Тот, кто слушал его впервые, мучительно напрягался, явно не успевая «переварить» одно, как Николай читал уже другое, на слушающих при этом не глядя. Складывалось впечатление, что он в одиночестве просто выверяет себя на слух.
Изредка в этом ровном потоке строк выделялось чуть более внятно произнесенное слово. А до слушателя не сразу доходило, что в этом-то слове и весь смысл! Что же касается рифм, в большинстве стихов Глазкова они как бродячие путники, которые совершенно случайно встретились на перекрестке мощной поэтической мысли, и автор этих встреч — вроде бы ни при чем.
Слушать Глазкова всегда нелегкой было работой, ну а на этом вечере — такая стояла тишина, что, оброни иглу уже заблагоухавшая от перегрева елка, стало бы слышно ее падение.
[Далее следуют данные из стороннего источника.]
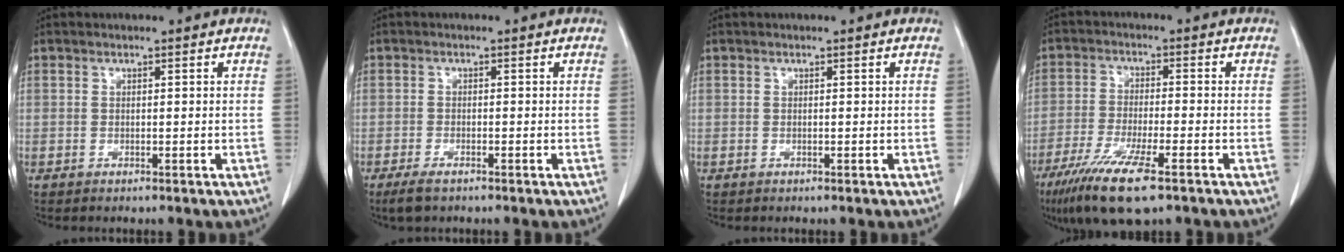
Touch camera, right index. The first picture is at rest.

Хорошо, что был январь и на Неве не разводили мостов: разошлись ведь за полночь. Плохо, что такой тесной была наша комната, но Николай Глазков — не салонный поэт, который сам себя тиражирует.
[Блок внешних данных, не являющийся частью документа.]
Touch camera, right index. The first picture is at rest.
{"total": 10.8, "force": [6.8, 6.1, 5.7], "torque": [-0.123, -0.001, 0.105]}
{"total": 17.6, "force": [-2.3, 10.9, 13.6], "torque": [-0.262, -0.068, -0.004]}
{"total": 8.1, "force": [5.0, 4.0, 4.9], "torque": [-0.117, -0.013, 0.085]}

Страшно подумать — в 1940 году, в девятнадцать лет, он напишет (и не опубликует) провидческие строки:
Не я живу в великом времени,
А времена живут во мне.
С тех пор, как стали жить во мне они,
Я стал честнее и умней.
Я в ночь одну продумал заново
Мышленья тысячи ночей.
И облака нависли саваном
Над городом из кирпичей.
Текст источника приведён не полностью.